(Items from a dataset)
>>>

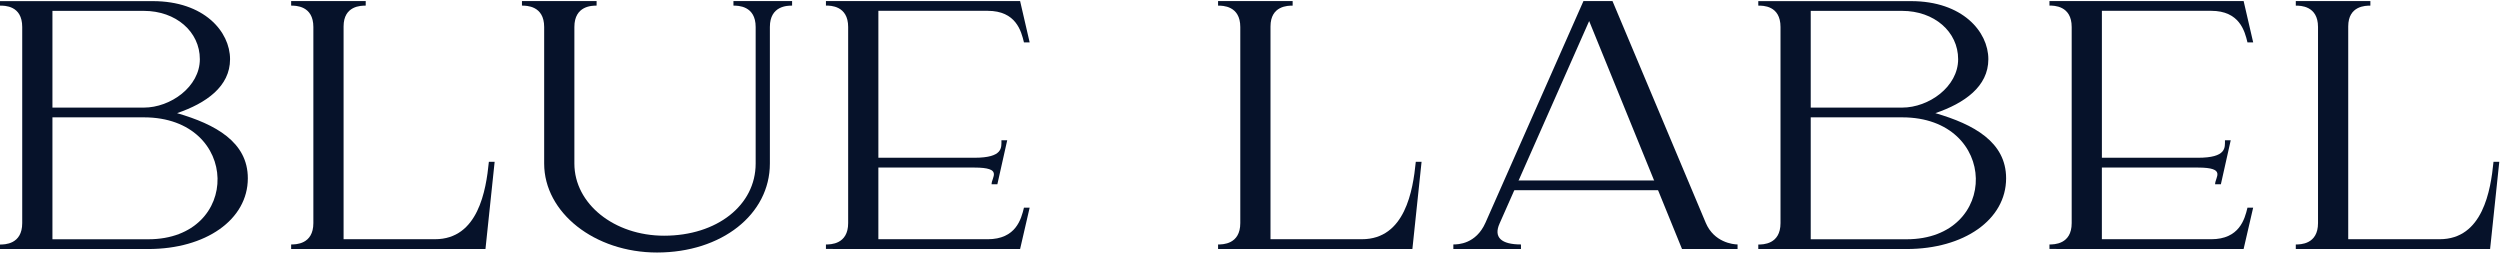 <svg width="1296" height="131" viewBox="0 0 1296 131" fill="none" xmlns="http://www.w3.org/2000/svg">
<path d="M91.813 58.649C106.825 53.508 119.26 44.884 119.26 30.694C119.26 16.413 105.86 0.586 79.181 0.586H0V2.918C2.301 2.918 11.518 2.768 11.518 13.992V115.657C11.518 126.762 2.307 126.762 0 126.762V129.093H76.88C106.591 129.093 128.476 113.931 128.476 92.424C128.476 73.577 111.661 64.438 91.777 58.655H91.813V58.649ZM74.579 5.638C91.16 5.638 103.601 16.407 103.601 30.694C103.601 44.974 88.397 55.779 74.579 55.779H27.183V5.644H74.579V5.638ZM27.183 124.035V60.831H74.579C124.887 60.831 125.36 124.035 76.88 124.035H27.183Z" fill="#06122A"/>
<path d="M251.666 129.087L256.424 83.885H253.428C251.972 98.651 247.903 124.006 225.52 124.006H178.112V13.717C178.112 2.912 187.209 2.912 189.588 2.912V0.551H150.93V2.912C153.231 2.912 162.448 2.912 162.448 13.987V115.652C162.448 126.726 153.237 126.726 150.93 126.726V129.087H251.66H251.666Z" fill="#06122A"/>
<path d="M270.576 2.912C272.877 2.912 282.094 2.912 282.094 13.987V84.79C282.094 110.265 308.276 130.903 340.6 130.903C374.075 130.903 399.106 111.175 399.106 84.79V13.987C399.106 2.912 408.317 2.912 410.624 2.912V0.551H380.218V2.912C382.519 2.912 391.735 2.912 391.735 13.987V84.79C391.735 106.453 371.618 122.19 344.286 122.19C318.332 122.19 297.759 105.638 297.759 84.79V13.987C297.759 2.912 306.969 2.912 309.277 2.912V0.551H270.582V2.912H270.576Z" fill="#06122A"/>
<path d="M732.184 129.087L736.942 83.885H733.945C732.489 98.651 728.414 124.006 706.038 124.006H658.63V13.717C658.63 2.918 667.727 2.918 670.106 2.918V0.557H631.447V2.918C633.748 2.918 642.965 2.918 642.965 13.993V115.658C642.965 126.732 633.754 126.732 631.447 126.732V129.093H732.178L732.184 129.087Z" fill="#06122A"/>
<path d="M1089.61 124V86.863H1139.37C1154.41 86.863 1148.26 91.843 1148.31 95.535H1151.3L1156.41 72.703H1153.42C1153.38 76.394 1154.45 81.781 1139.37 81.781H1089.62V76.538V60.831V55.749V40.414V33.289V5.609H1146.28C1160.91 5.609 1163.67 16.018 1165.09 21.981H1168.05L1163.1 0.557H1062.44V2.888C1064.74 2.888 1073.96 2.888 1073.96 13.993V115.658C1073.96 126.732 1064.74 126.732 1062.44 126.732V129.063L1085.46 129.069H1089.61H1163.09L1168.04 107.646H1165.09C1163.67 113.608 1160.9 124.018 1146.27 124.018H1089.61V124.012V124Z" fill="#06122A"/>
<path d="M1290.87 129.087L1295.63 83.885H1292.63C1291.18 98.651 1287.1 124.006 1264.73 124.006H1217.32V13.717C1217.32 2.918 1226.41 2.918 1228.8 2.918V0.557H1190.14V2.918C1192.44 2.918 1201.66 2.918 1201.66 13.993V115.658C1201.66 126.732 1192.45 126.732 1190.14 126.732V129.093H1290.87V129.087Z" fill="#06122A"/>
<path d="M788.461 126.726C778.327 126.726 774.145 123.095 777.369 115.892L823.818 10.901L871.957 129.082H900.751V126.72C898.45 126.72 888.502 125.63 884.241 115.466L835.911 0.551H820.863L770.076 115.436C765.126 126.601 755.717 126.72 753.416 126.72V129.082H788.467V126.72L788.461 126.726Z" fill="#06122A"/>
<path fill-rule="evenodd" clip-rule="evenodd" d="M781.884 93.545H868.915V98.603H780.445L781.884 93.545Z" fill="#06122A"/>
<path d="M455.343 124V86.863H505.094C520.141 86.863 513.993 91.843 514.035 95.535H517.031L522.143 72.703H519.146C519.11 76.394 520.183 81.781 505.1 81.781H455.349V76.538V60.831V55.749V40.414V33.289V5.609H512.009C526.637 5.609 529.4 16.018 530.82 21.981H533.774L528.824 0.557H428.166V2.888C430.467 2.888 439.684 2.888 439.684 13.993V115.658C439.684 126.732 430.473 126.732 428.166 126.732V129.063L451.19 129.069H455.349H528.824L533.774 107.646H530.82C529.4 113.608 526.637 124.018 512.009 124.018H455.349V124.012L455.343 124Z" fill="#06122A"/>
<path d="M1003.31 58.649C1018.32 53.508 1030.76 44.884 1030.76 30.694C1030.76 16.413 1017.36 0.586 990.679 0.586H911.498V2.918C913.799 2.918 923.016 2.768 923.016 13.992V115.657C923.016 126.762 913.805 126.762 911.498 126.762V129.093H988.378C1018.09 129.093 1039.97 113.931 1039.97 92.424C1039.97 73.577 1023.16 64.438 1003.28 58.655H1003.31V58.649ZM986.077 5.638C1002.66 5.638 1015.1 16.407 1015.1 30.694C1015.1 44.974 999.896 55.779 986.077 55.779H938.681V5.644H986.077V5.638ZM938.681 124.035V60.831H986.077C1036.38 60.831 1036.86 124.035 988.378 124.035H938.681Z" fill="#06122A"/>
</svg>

<<<

** Exercise details **
Nothing but the lines from the top of the data above through the line containing "129.087L736.942 83.885H733.945C732.489 98.651" should be output, exactly as written and without the pictures.

** Final answer **
 <svg width="1296" height="131" viewBox="0 0 1296 131" fill="none" xmlns="http://www.w3.org/2000/svg">
<path d="M91.813 58.649C106.825 53.508 119.26 44.884 119.26 30.694C119.26 16.413 105.86 0.586 79.181 0.586H0V2.918C2.301 2.918 11.518 2.768 11.518 13.992V115.657C11.518 126.762 2.307 126.762 0 126.762V129.093H76.88C106.591 129.093 128.476 113.931 128.476 92.424C128.476 73.577 111.661 64.438 91.777 58.655H91.813V58.649ZM74.579 5.638C91.16 5.638 103.601 16.407 103.601 30.694C103.601 44.974 88.397 55.779 74.579 55.779H27.183V5.644H74.579V5.638ZM27.183 124.035V60.831H74.579C124.887 60.831 125.36 124.035 76.88 124.035H27.183Z" fill="#06122A"/>
<path d="M251.666 129.087L256.424 83.885H253.428C251.972 98.651 247.903 124.006 225.52 124.006H178.112V13.717C178.112 2.912 187.209 2.912 189.588 2.912V0.551H150.93V2.912C153.231 2.912 162.448 2.912 162.448 13.987V115.652C162.448 126.726 153.237 126.726 150.93 126.726V129.087H251.66H251.666Z" fill="#06122A"/>
<path d="M270.576 2.912C272.877 2.912 282.094 2.912 282.094 13.987V84.79C282.094 110.265 308.276 130.903 340.6 130.903C374.075 130.903 399.106 111.175 399.106 84.79V13.987C399.106 2.912 408.317 2.912 410.624 2.912V0.551H380.218V2.912C382.519 2.912 391.735 2.912 391.735 13.987V84.79C391.735 106.453 371.618 122.19 344.286 122.19C318.332 122.19 297.759 105.638 297.759 84.79V13.987C297.759 2.912 306.969 2.912 309.277 2.912V0.551H270.582V2.912H270.576Z" fill="#06122A"/>
<path d="M732.184 129.087L736.942 83.885H733.945C732.489 98.651 728.414 124.006 706.038 124.006H658.63V13.717C658.63 2.918 667.727 2.918 670.106 2.918V0.557H631.447V2.918C633.748 2.918 642.965 2.918 642.965 13.993V115.658C642.965 126.732 633.754 126.732 631.447 126.732V129.093H732.178L732.184 129.087Z" fill="#06122A"/>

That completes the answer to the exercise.